Some patterns suggest themselves. Adversarial dynamics seem to produce the best results when the task involves discrimination — distinguishing true from false, good from bad, correct from incorrect. GANs improve at generation because the discriminator is constantly forcing the generator to be more precise. Multi-agent debate improves reasoning because disagreement surfaces the weaknesses in each position. Opposition is a form of quality control, and quality control is most valuable when the cost of being wrong is high and hard to detect.
Flow and coordination — the Ostrom model, the open-source model, the swarm model — seem to perform best when the task involves construction rather than discrimination. Building something new, expanding a knowledge base, exploring a solution space. Here, adversarial pressure can be counterproductive: it narrows the search rather than broadening it, optimizes locally rather than globally, and produces confidence in the wrong things. What these situations call for is trust and a shared direction, not opposition.
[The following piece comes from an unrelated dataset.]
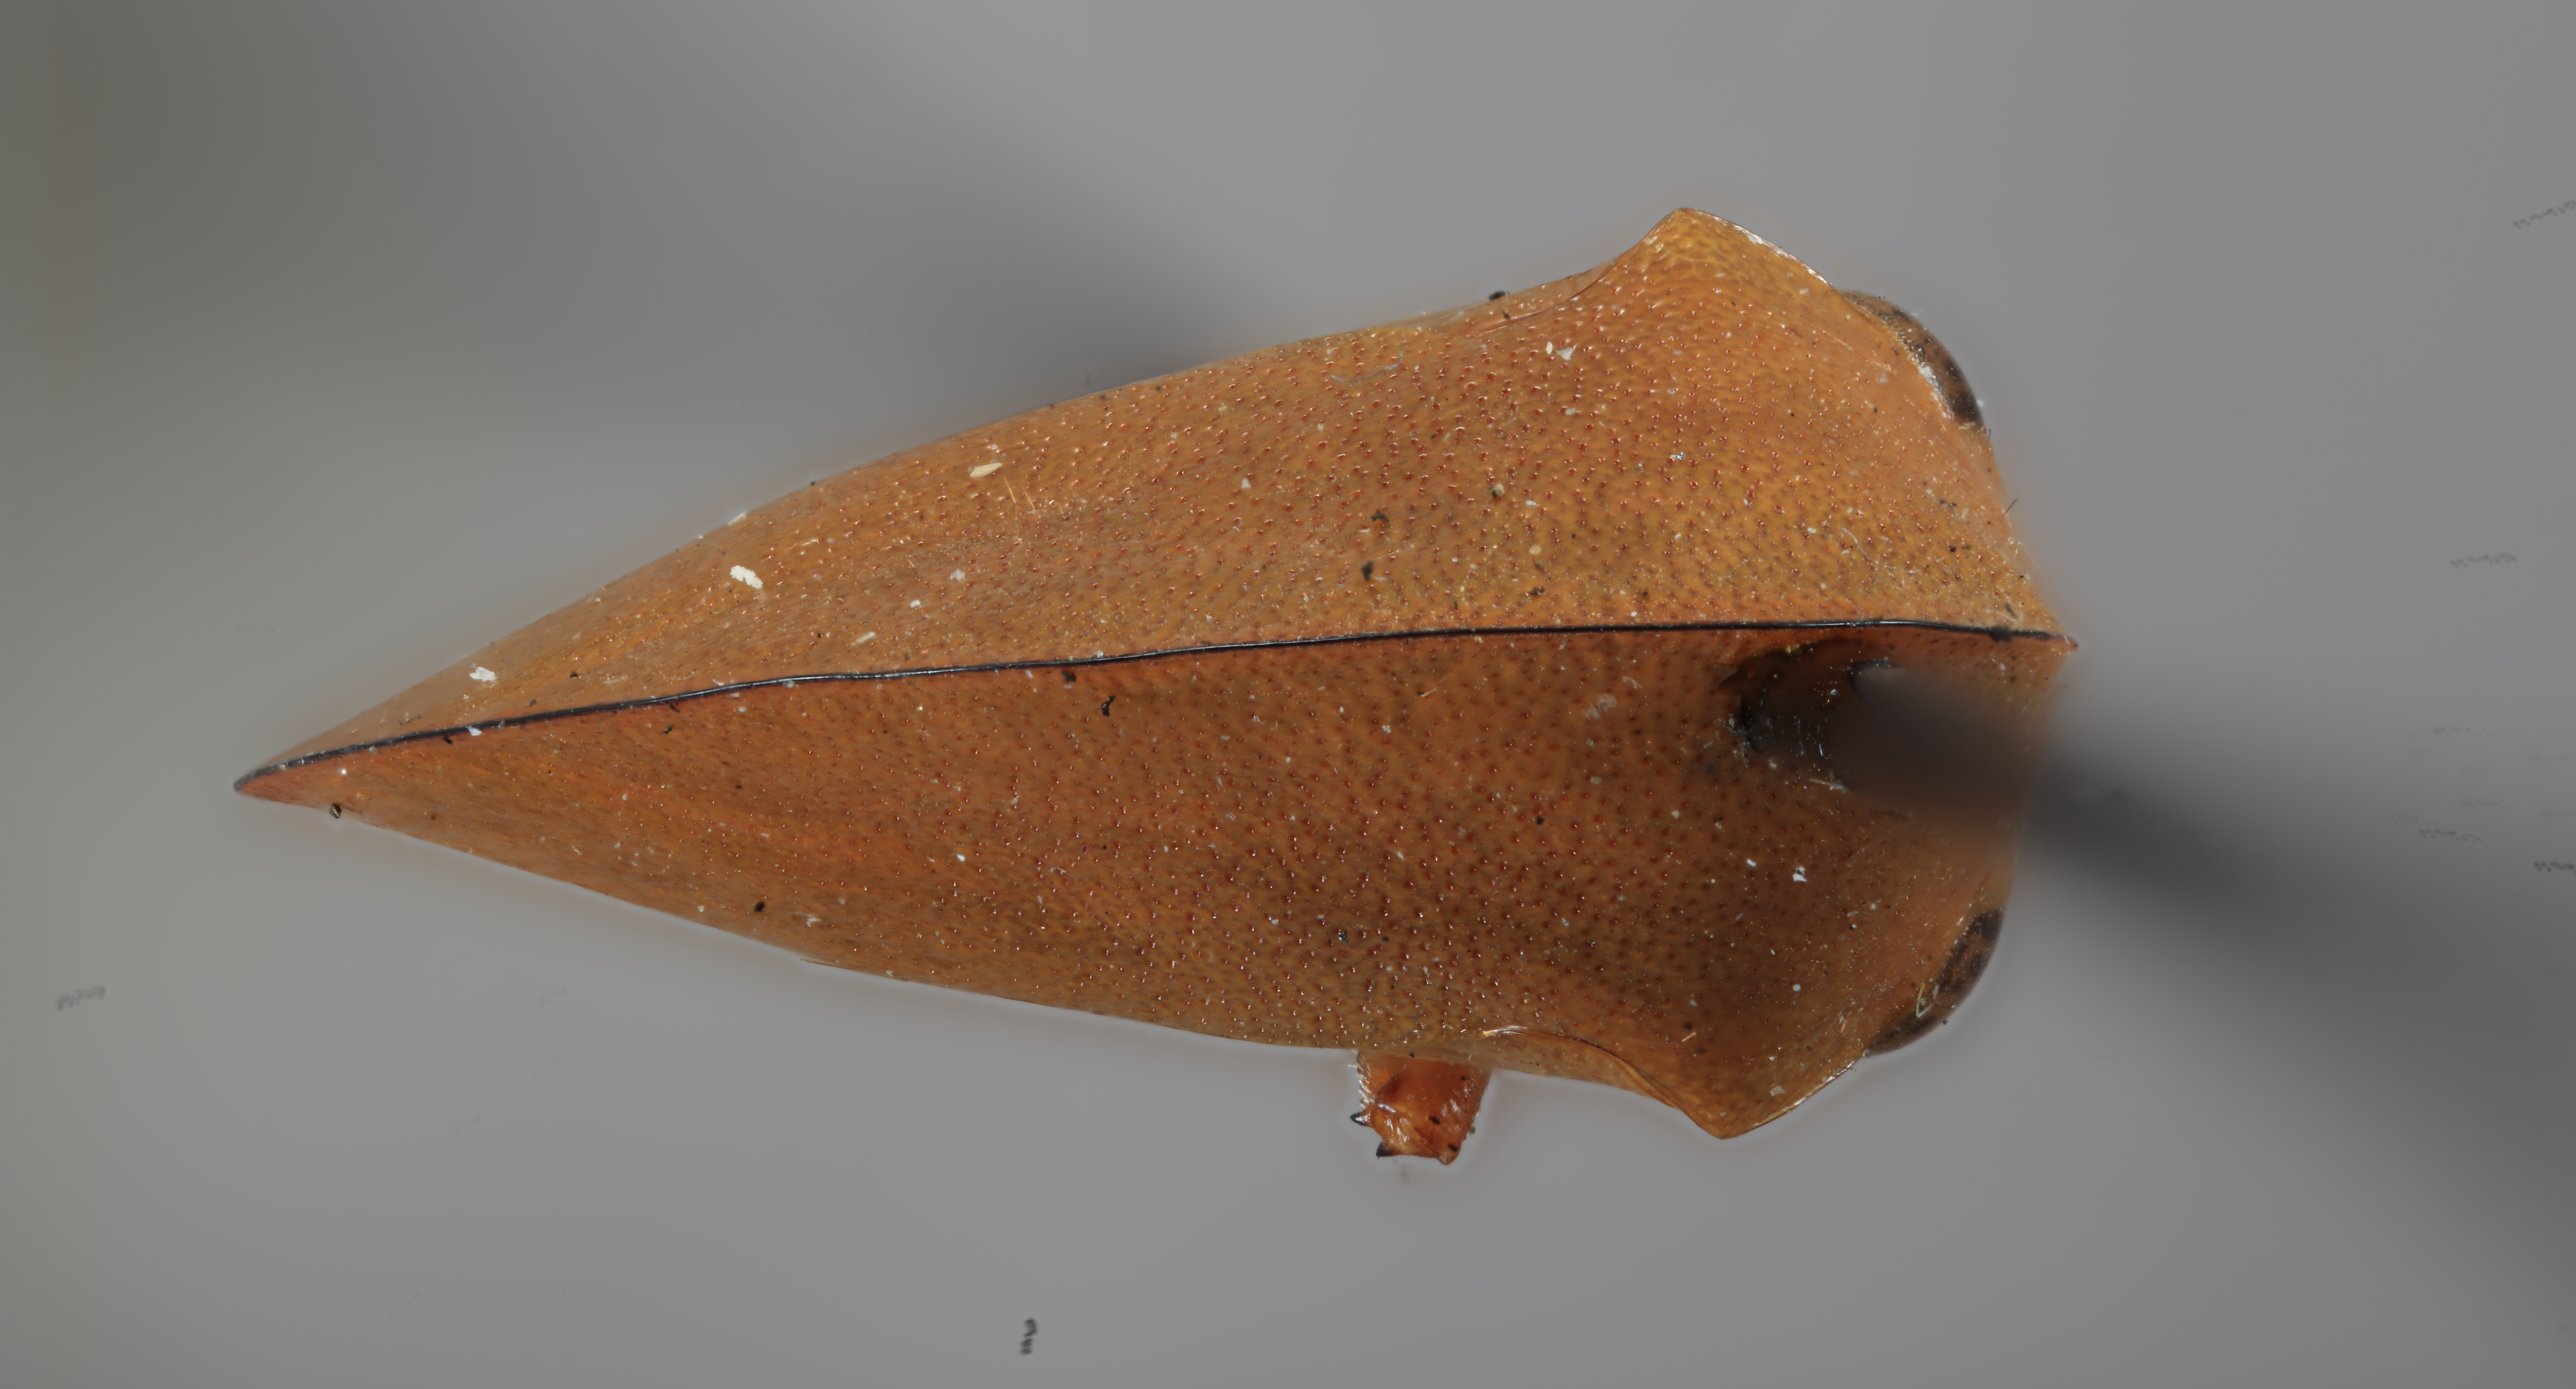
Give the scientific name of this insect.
Amastris elevata

If that pattern holds — and it is a hypothesis, not a conclusion — then the design question for AI-native organizations is not "how much friction should we have" but "what is this part of the organization trying to do, and which mode does that work call for." The same organization might need adversarial structures for its verification and decision-making layers, and flow-based structures for its generative and exploratory layers. Designing that deliberately, rather than defaulting to one mode throughout, is probably closer to what organizational excellence looks like at AI scale.
Whether AI systems can make that determination themselves — recognizing when they need friction and when they need flow, and switching between modes accordingly — is a question that hasn't been seriously addressed yet. Current multi-agent architectures are mostly basic hierarchies: simple tree structures that reflect how we already think about software and tools. They are first-generation designs, reasonable starting points, and almost certainly not where this ends up.
The Experiment
The hallucination critique, revisited from here, looks like a category error. We are judging the reliability of something at the individual-tool level while it is already beginning to operate at a level where the relevant unit of analysis is the organization. And at that level, the question of whether any single component fails is less important than the question of how the system is structured to handle failure — and whether the structure knows the difference between the friction that wastes and the friction that works.
We are, without quite acknowledging it, at the beginning of the largest organizational experiment in history. AI-native organizations will be built. They will fail in ways we didn't predict and succeed in ways we didn't expect. The naive version will try to remove all friction and produce something efficient and brittle. The more interesting version will have to figure out what the friction was for.
How much of what slows us down is also part of what we can accomplish? That question doesn't have an answer yet. It may be the most important one on the table.